# 4 month old wants to latch on all night



## Ilena12 (Oct 27, 2015)

My sm4 month old and I have been bed sharing pretty much since we brought him home from hospital. i would start him in his bassinet and when he was around 6 weeks old would go 5 hours, then another 2 hours until 2 am when I would bring him in bed with me. Fast forward to now. The longest he will go now is 2 or 3 hours in bed with me, although the last two night he has only gone 45 minutes. I have started to stop swaddling both arms as he was fighting is. Before I would only swaddle one arm. I know this is influencing his initial sleep stretch. Usually after his first waking now I'll just put him in bed with me and he will sleep from 3 hours to 4, then wake up and want to stay latched on my boob the rest of the night. If his latched he will squirm and cry until he is back on. I have read Pantley NCSS and wondered if anyone has had success with these techniques?

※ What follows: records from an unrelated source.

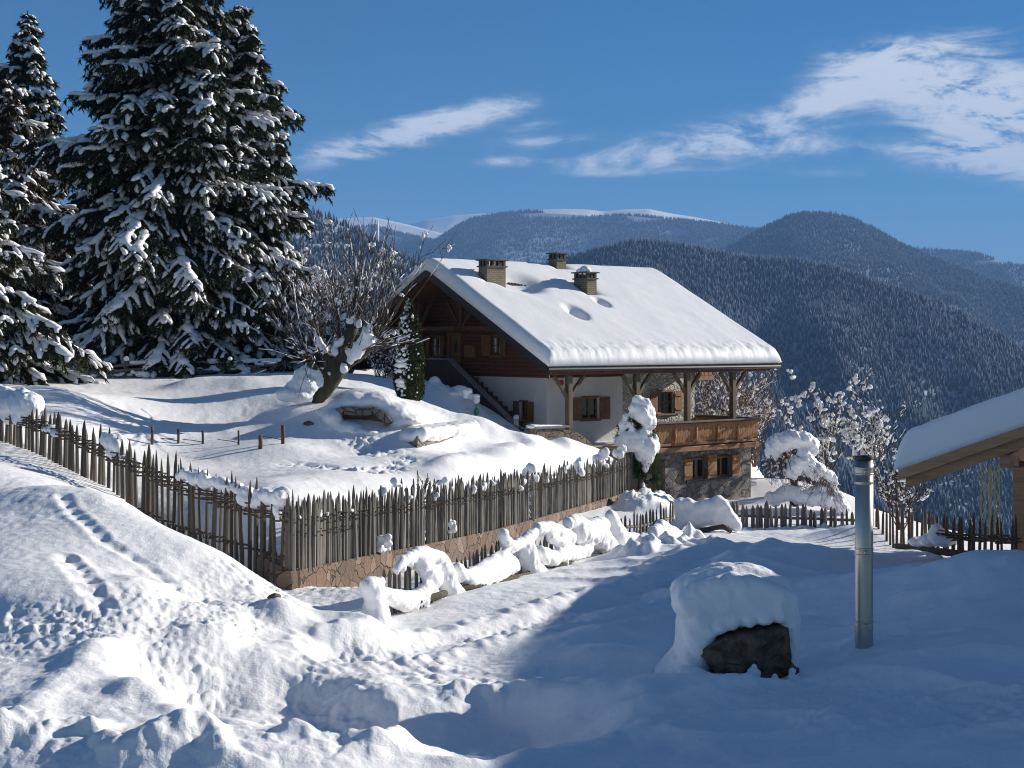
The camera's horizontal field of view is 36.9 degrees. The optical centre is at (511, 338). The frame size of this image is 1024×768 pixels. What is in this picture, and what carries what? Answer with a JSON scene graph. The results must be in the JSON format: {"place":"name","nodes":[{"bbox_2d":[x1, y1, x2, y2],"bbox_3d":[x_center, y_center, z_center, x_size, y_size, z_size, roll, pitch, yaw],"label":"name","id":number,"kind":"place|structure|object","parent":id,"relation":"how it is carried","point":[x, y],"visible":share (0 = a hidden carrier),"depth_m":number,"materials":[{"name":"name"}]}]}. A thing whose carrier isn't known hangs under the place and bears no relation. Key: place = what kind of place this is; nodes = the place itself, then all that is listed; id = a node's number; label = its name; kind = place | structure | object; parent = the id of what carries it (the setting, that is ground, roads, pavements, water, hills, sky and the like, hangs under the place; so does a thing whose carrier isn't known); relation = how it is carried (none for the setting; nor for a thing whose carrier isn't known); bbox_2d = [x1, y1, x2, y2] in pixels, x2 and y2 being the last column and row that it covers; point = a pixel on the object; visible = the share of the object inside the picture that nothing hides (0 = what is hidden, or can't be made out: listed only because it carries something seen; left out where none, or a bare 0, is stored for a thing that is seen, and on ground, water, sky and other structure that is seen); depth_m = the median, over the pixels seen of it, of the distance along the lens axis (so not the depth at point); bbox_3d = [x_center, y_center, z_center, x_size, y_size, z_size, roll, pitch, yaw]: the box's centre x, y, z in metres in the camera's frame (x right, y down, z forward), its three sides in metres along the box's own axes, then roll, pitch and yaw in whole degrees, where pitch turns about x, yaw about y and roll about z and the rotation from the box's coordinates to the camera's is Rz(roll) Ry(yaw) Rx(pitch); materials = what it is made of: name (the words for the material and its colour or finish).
{"place":"outdoors","nodes":[
{"label":"outdoors","id":0,"kind":"place"},
{"bbox_2d":[281,213,416,307],"bbox_3d":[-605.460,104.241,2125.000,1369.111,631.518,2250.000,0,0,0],"label":"hill","id":1,"kind":"structure","parent":0,"point":[317,234],"depth_m":2360.69,"materials":[{"name":"white snow"}]},
{"bbox_2d":[278,206,422,313],"bbox_3d":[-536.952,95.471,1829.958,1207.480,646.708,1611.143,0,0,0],"label":"forest","id":2,"kind":"object","parent":1,"relation":"on","point":[319,255],"visible":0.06,"depth_m":2343.71,"materials":[{"name":"plant"}]},
{"bbox_2d":[332,217,442,238],"bbox_3d":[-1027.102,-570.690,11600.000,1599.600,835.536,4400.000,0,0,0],"label":"hill","id":3,"kind":"structure","parent":0,"point":[402,227],"depth_m":12190.19,"materials":[{"name":"white snow"}]},
{"bbox_2d":[411,213,490,232],"bbox_3d":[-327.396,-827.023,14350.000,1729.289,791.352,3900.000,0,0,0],"label":"hill","id":4,"kind":"structure","parent":0,"point":[442,225],"depth_m":14723.54,"materials":[{"name":"white snow"}]},
{"bbox_2d":[0,367,1023,767],"bbox_3d":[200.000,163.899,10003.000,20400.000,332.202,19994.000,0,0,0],"label":"ground","id":5,"kind":"structure","parent":0,"point":[132,637],"depth_m":21.61,"materials":[{"name":"white snow"}]},
{"bbox_2d":[0,11,70,299],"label":"spruce tree","id":6,"kind":"object","parent":5,"relation":"on","point":[25,51],"visible":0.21,"depth_m":73.53,"materials":[{"name":"green plant"}]},
{"bbox_2d":[0,78,93,321],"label":"spruce tree","id":7,"kind":"object","parent":5,"relation":"on","point":[43,210],"visible":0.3,"depth_m":65.58,"materials":[{"name":"green plant"}]},
{"bbox_2d":[0,144,116,385],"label":"spruce tree","id":8,"kind":"object","parent":5,"relation":"on","point":[32,335],"visible":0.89,"depth_m":51.84,"materials":[{"name":"green plant"}]},
{"bbox_2d":[43,184,110,319],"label":"spruce tree","id":9,"kind":"object","parent":5,"relation":"on","point":[70,301],"visible":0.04,"depth_m":70.57,"materials":[{"name":"green plant"}]},
{"bbox_2d":[0,384,295,583],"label":"paling fence","id":10,"kind":"object","parent":5,"relation":"on","point":[20,408],"visible":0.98,"depth_m":32.99,"materials":[{"name":"wood"},{"name":"snow"}]},
{"bbox_2d":[151,427,153,444],"bbox_3d":[-10.637,2.924,45.400,0.090,0.649,0.085,0,0,-23],"label":"garden stake","id":11,"kind":"object","parent":5,"relation":"on","point":[152,436],"visible":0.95,"depth_m":45.36,"materials":[{"name":"brown wood"}]},
{"bbox_2d":[11,0,322,378],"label":"spruce tree","id":12,"kind":"object","parent":5,"relation":"on","point":[152,241],"visible":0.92,"depth_m":60.27,"materials":[{"name":"green plant"}]},
{"bbox_2d":[161,429,179,443],"bbox_3d":[-10.299,2.983,46.121,0.673,0.563,0.079,0,0,10],"label":"garden stake","id":13,"kind":"object","parent":5,"relation":"on","point":[178,437],"visible":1,"depth_m":46.04,"materials":[{"name":"brown wood"}]},
{"bbox_2d":[72,356,281,377],"bbox_3d":[-14.604,1.359,54.422,6.108,1.404,15.938,0,0,19],"label":"rail fence","id":14,"kind":"object","parent":5,"relation":"on","point":[138,372],"visible":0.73,"depth_m":59.26,"materials":[{"name":"wood"},{"name":"snow"}]},
{"bbox_2d":[183,431,203,443],"bbox_3d":[-9.598,3.035,46.296,0.673,0.517,0.079,0,0,10],"label":"garden stake","id":15,"kind":"object","parent":5,"relation":"on","point":[202,441],"visible":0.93,"depth_m":46.22,"materials":[{"name":"brown wood"}]},
{"bbox_2d":[218,430,239,444],"bbox_3d":[-8.475,3.023,46.000,0.666,0.561,0.063,0,0,9],"label":"garden stake","id":16,"kind":"object","parent":5,"relation":"on","point":[238,442],"visible":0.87,"depth_m":45.95,"materials":[{"name":"brown wood"}]},
{"bbox_2d":[258,435,262,448],"bbox_3d":[-7.335,3.070,44.772,0.126,0.518,0.121,0,0,22],"label":"garden stake","id":17,"kind":"object","parent":5,"relation":"on","point":[260,442],"visible":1,"depth_m":44.73,"materials":[{"name":"brown wood"}]},
{"bbox_2d":[208,4,336,371],"bbox_3d":[-11.440,-5.742,65.064,7.614,16.772,8.691,0,0,-34],"label":"spruce tree","id":18,"kind":"object","parent":5,"relation":"on","point":[250,68],"visible":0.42,"depth_m":63.84,"materials":[{"name":"green plant"}]},
{"bbox_2d":[262,425,284,443],"bbox_3d":[-7.066,2.897,45.530,0.686,0.682,0.108,0,0,11],"label":"garden stake","id":19,"kind":"object","parent":5,"relation":"on","point":[282,439],"visible":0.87,"depth_m":45.44,"materials":[{"name":"brown wood"}]},
{"bbox_2d":[267,593,280,598],"bbox_3d":[-3.584,3.889,23.144,0.211,0.113,0.139,0,0,0],"label":"stone","id":20,"kind":"object","parent":5,"relation":"on","point":[274,595],"visible":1,"depth_m":23.10,"materials":[{"name":"stone"}]},
{"bbox_2d":[273,273,342,345],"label":"frosted shrub","id":21,"kind":"object","parent":5,"relation":"on","point":[298,308],"visible":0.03,"depth_m":65.09,"materials":[{"name":"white plant"}]},
{"bbox_2d":[303,420,313,425],"bbox_3d":[-6.356,2.659,48.034,0.345,0.211,0.230,0,0,0],"label":"stone","id":22,"kind":"object","parent":5,"relation":"on","point":[308,423],"visible":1,"depth_m":47.95,"materials":[{"name":"grey stone"}]},
{"bbox_2d":[271,265,367,367],"bbox_3d":[-7.791,-0.692,62.227,4.094,4.534,3.348,0,0,-8],"label":"frosted shrub","id":23,"kind":"object","parent":5,"relation":"on","point":[327,335],"visible":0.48,"depth_m":61.79,"materials":[{"name":"white plant"}]},
{"bbox_2d":[308,317,369,370],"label":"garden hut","id":24,"kind":"object","parent":5,"relation":"on","point":[333,343],"visible":0.02,"depth_m":76.00,"materials":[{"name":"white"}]},
{"bbox_2d":[231,208,453,403],"bbox_3d":[-5.478,-0.822,49.947,7.205,6.889,3.877,0,0,-16],"label":"pollard tree","id":25,"kind":"object","parent":5,"relation":"on","point":[308,381],"visible":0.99,"depth_m":49.77,"materials":[{"name":"brown plant"}]},
{"bbox_2d":[316,391,424,434],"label":"stone arch","id":26,"kind":"structure","parent":5,"relation":"on","point":[387,409],"depth_m":48.19,"materials":[{"name":"white"}]},
{"bbox_2d":[355,335,395,377],"bbox_3d":[-5.075,0.734,60.135,2.105,2.058,1.829,0,0,0],"label":"frosted shrub","id":27,"kind":"object","parent":5,"relation":"on","point":[378,365],"visible":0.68,"depth_m":59.82,"materials":[{"name":"white plant"}]},
{"bbox_2d":[300,213,455,372],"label":"frosted shrub","id":28,"kind":"object","parent":5,"relation":"on","point":[344,326],"visible":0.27,"depth_m":65.09,"materials":[{"name":"white plant"}]},
{"bbox_2d":[392,298,426,400],"bbox_3d":[-3.656,0.587,55.009,1.274,4.094,1.309,0,0,0],"label":"columnar conifer","id":29,"kind":"object","parent":5,"relation":"on","point":[408,378],"visible":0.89,"depth_m":54.66,"materials":[{"name":"green plant"}]},
{"bbox_2d":[399,419,479,447],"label":"garden wall","id":30,"kind":"structure","parent":5,"relation":"on","point":[418,436],"depth_m":48.16,"materials":[{"name":"stone"}]},
{"bbox_2d":[423,376,472,400],"bbox_3d":[-2.807,2.076,59.966,2.439,1.196,1.559,0,0,23],"label":"hedge","id":31,"kind":"object","parent":5,"relation":"on","point":[438,383],"visible":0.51,"depth_m":59.76,"materials":[{"name":"white plant"}]},
{"bbox_2d":[256,487,644,589],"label":"retaining wall","id":32,"kind":"structure","parent":5,"relation":"on","point":[352,572],"depth_m":32.83,"materials":[{"name":"red stone"}]},
{"bbox_2d":[287,444,642,572],"bbox_3d":[0.418,4.338,44.411,0.608,3.010,32.605,0,0,17],"label":"paling fence","id":33,"kind":"object","parent":32,"relation":"on","point":[317,539],"visible":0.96,"depth_m":36.93,"materials":[{"name":"brown"}]},
{"bbox_2d":[376,534,392,552],"bbox_3d":[-2.798,4.395,32.996,0.451,0.424,0.369,0,0,0],"label":"snowy plant","id":34,"kind":"object","parent":33,"relation":"attached to","point":[384,543],"visible":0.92,"depth_m":32.92,"materials":[{"name":"white plant"}]},
{"bbox_2d":[416,470,438,499],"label":"rose canes","id":35,"kind":"object","parent":33,"relation":"attached to","point":[425,483],"visible":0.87,"depth_m":36.18,"materials":[{"name":"white"}]},
{"bbox_2d":[448,519,456,532],"bbox_3d":[-1.493,4.569,37.544,0.306,0.361,0.241,0,0,0],"label":"snowy plant","id":36,"kind":"object","parent":33,"relation":"attached to","point":[452,525],"visible":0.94,"depth_m":37.46,"materials":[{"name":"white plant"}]},
{"bbox_2d":[461,388,479,414],"bbox_3d":[-1.565,2.430,58.442,0.739,1.135,0.385,0,0,10],"label":"garden lamp","id":37,"kind":"object","parent":5,"relation":"on","point":[466,392],"visible":0.98,"depth_m":58.30,"materials":[{"name":"green paint"}]},
{"bbox_2d":[359,509,682,624],"bbox_3d":[1.820,5.084,35.629,0.832,2.882,22.763,0,0,21],"label":"hedge","id":38,"kind":"object","parent":5,"relation":"on","point":[440,574],"visible":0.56,"depth_m":29.85,"materials":[{"name":"white plant"}]},
{"bbox_2d":[324,252,781,500],"bbox_3d":[1.861,1.755,68.358,13.690,11.190,16.503,0,0,-40],"label":"chalet","id":39,"kind":"object","parent":5,"relation":"on","point":[588,352],"visible":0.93,"depth_m":63.84,"materials":[{"name":"paint"}]},
{"bbox_2d":[425,335,443,357],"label":"window","id":40,"kind":"structure","parent":39,"relation":"in","point":[437,340],"depth_m":66.94,"materials":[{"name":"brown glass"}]},
{"bbox_2d":[450,335,458,363],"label":"door","id":41,"kind":"structure","parent":39,"relation":"in","point":[454,339],"depth_m":65.94,"materials":[{"name":"brown wood"}]},
{"bbox_2d":[481,334,505,356],"bbox_3d":[-0.725,0.286,63.824,0.230,0.981,1.554,0,0,-40],"label":"window","id":42,"kind":"structure","parent":39,"relation":"in","point":[499,344],"depth_m":63.95,"materials":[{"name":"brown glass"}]},
{"bbox_2d":[513,415,518,425],"bbox_3d":[0.164,3.236,60.779,0.230,0.469,0.236,0,0,0],"label":"lantern","id":43,"kind":"object","parent":39,"relation":"on","point":[516,419],"visible":1,"depth_m":60.70,"materials":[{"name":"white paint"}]},
{"bbox_2d":[513,400,533,422],"bbox_3d":[0.504,2.960,62.425,0.250,0.920,1.253,0,0,-40],"label":"window","id":44,"kind":"structure","parent":39,"relation":"in","point":[527,407],"depth_m":62.47,"materials":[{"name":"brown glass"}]},
{"bbox_2d":[573,396,609,421],"bbox_3d":[3.220,2.858,62.949,2.061,1.033,0.251,0,0,-40],"label":"window","id":45,"kind":"structure","parent":39,"relation":"in","point":[584,407],"depth_m":63.01,"materials":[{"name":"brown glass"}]},
{"bbox_2d":[652,464,657,491],"bbox_3d":[5.613,6.095,61.979,0.684,2.509,0.060,0,0,-40],"label":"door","id":46,"kind":"structure","parent":39,"relation":"in","point":[653,486],"depth_m":62.06,"materials":[{"name":"brown wood"}]},
{"bbox_2d":[650,390,682,415],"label":"window","id":47,"kind":"structure","parent":39,"relation":"in","point":[661,400],"depth_m":66.32,"materials":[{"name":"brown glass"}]},
{"bbox_2d":[691,457,703,478],"bbox_3d":[7.549,5.345,63.350,1.027,0.835,0.070,0,0,-40],"label":"window","id":48,"kind":"structure","parent":39,"relation":"in","point":[698,463],"depth_m":63.47,"materials":[{"name":"brown glass"}]},
{"bbox_2d":[717,456,728,476],"bbox_3d":[8.717,5.345,64.342,1.060,0.835,0.070,0,0,-40],"label":"window","id":49,"kind":"structure","parent":39,"relation":"in","point":[722,461],"depth_m":64.47,"materials":[{"name":"brown glass"}]},
{"bbox_2d":[525,424,593,446],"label":"terrace wall","id":50,"kind":"structure","parent":5,"relation":"on","point":[548,432],"depth_m":58.41,"materials":[{"name":"stone"}]},
{"bbox_2d":[609,395,664,491],"bbox_3d":[4.663,4.150,58.284,2.380,4.032,1.528,0,0,0],"label":"pine bush","id":51,"kind":"object","parent":5,"relation":"on","point":[640,440],"visible":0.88,"depth_m":57.90,"materials":[{"name":"white plant"}]},
{"bbox_2d":[620,501,673,533],"bbox_3d":[3.862,5.339,43.992,0.123,1.120,5.582,0,0,22],"label":"picket fence","id":52,"kind":"object","parent":5,"relation":"on","point":[642,526],"visible":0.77,"depth_m":43.95,"materials":[{"name":"brown wood"}]},
{"bbox_2d":[671,495,741,532],"bbox_3d":[5.740,5.186,45.248,2.111,1.131,1.046,0,0,0],"label":"snow hump","id":53,"kind":"object","parent":5,"relation":"on","point":[715,512],"visible":0.94,"depth_m":45.18,"materials":[{"name":"white snow"}]},
{"bbox_2d":[654,562,800,679],"bbox_3d":[2.920,4.093,20.485,2.228,2.142,1.912,0,0,0],"label":"boulder","id":54,"kind":"object","parent":5,"relation":"on","point":[740,617],"visible":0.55,"depth_m":20.09,"materials":[{"name":"white"}]},
{"bbox_2d":[695,322,786,430],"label":"bare tree","id":55,"kind":"object","parent":5,"relation":"on","point":[705,402],"visible":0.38,"depth_m":75.36,"materials":[{"name":"brown plant"}]},
{"bbox_2d":[718,353,785,466],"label":"bare tree","id":56,"kind":"object","parent":5,"relation":"on","point":[768,405],"visible":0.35,"depth_m":80.01,"materials":[{"name":"white plant"}]},
{"bbox_2d":[771,393,802,471],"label":"bare tree","id":57,"kind":"object","parent":5,"relation":"on","point":[788,411],"visible":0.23,"depth_m":70.21,"materials":[{"name":"white plant"}]},
{"bbox_2d":[731,501,854,528],"bbox_3d":[8.632,5.444,46.919,3.857,0.973,0.211,0,0,9],"label":"picket fence","id":58,"kind":"object","parent":5,"relation":"on","point":[783,517],"visible":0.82,"depth_m":46.92,"materials":[{"name":"brown wood"}]},
{"bbox_2d":[752,429,850,514],"bbox_3d":[10.950,5.111,58.127,3.701,3.426,2.554,0,0,0],"label":"weeping bush","id":59,"kind":"object","parent":5,"relation":"on","point":[827,493],"visible":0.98,"depth_m":57.65,"materials":[{"name":"white plant"}]},
{"bbox_2d":[786,365,860,481],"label":"bare tree","id":60,"kind":"object","parent":5,"relation":"on","point":[833,430],"visible":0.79,"depth_m":65.70,"materials":[{"name":"white plant"}]},
{"bbox_2d":[854,455,873,648],"bbox_3d":[4.832,3.211,21.077,0.259,3.209,0.263,0,0,-44],"label":"flue pipe","id":61,"kind":"object","parent":5,"relation":"on","point":[863,547],"visible":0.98,"depth_m":20.97,"materials":[{"name":"silver metal"}]},
{"bbox_2d":[829,367,908,481],"bbox_3d":[15.149,3.748,64.141,3.331,5.293,3.409,0,0,-24],"label":"bare tree","id":62,"kind":"object","parent":5,"relation":"on","point":[855,434],"visible":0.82,"depth_m":64.19,"materials":[{"name":"white plant"}]},
{"bbox_2d":[873,437,937,529],"bbox_3d":[12.769,4.695,49.988,2.168,3.090,2.420,0,0,-41],"label":"bare tree","id":63,"kind":"object","parent":5,"relation":"on","point":[886,491],"visible":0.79,"depth_m":49.88,"materials":[{"name":"white plant"}]},
{"bbox_2d":[873,506,1021,555],"bbox_3d":[10.258,4.876,38.168,0.727,2.525,13.558,0,0,0],"label":"picket fence","id":64,"kind":"object","parent":5,"relation":"on","point":[936,537],"visible":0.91,"depth_m":36.67,"materials":[{"name":"brown wood"}]},
{"bbox_2d":[894,388,1023,550],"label":"timber shelter","id":65,"kind":"object","parent":5,"relation":"on","point":[984,431],"visible":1,"depth_m":31.73,"materials":[{"name":"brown wood"}]},
{"bbox_2d":[980,464,1000,537],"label":"pylon","id":66,"kind":"object","parent":5,"relation":"on","point":[990,492],"visible":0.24,"depth_m":157.88,"materials":[{"name":"metal"}]},
{"bbox_2d":[0,0,1023,264],"label":"sky","id":67,"kind":"structure","parent":0,"point":[904,119],"materials":[{"name":"blue"}]},
{"bbox_2d":[365,212,747,262],"bbox_3d":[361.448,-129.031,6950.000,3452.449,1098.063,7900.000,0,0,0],"label":"hill","id":68,"kind":"structure","parent":0,"point":[675,231],"depth_m":7734.98,"materials":[{"name":"white snow"}]},
{"bbox_2d":[349,208,758,262],"bbox_3d":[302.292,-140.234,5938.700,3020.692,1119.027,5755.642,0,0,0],"label":"forest","id":69,"kind":"object","parent":68,"relation":"on","point":[408,241],"visible":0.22,"depth_m":7833.52,"materials":[{"name":"green plant"}]},
{"bbox_2d":[532,209,737,225],"bbox_3d":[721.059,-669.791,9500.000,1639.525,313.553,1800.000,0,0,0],"label":"hill","id":70,"kind":"structure","parent":0,"point":[583,212],"depth_m":9619.87,"materials":[{"name":"white snow"}]},
{"bbox_2d":[576,246,1023,534],"bbox_3d":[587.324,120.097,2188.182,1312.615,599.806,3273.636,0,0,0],"label":"hill","id":71,"kind":"structure","parent":0,"point":[902,424],"depth_m":2241.41,"materials":[{"name":"green plant"}]},
{"bbox_2d":[541,236,1023,537],"bbox_3d":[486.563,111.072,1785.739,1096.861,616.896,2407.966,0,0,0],"label":"forest","id":72,"kind":"object","parent":71,"relation":"on","point":[829,314],"visible":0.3,"depth_m":2363.24,"materials":[{"name":"green plant"}]},
{"bbox_2d":[728,214,1023,347],"bbox_3d":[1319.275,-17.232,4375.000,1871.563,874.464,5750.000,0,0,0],"label":"hill","id":73,"kind":"structure","parent":0,"point":[791,245],"depth_m":5096.32,"materials":[{"name":"white snow"}]},
{"bbox_2d":[717,210,1023,343],"bbox_3d":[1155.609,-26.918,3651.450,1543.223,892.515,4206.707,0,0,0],"label":"forest","id":74,"kind":"object","parent":73,"relation":"on","point":[928,276],"visible":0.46,"depth_m":4930.43,"materials":[{"name":"green plant"}]},
{"bbox_2d":[930,250,1023,286],"bbox_3d":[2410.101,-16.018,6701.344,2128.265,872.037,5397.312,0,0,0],"label":"hill","id":75,"kind":"structure","parent":0,"point":[985,261],"depth_m":7365.19,"materials":[{"name":"white snow"}]},
{"bbox_2d":[911,246,1023,287],"bbox_3d":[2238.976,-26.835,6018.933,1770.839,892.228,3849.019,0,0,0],"label":"forest","id":76,"kind":"object","parent":75,"relation":"on","point":[960,253],"visible":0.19,"depth_m":7366.19,"materials":[{"name":"green plant"}]}
]}

For nap times he will sleep in his swing from 90 minutes to 2 hours and second nap is usually 90 minutes with me in bed. His last nap is usually on the go as I have a 6 year old who does a lot of after school activities. I was originally trying to get him to nap in his bassinet but he would only sleep for 30 or 45 minutes and be massively grumpy until next nap.

Ideally I want to try to move him to his crib which we are going to put in our room with the side off and against our bed. But first we need to try to stop the all night nursing/ comfort feeding. Having lo sleep on my husband side is not an option as my husband is a heavy sleeper. I love bed sharing with LO but this constant waking is starting to really get to me. I know he won't do this forever but would like to start transitioning him from needing this constant nursing.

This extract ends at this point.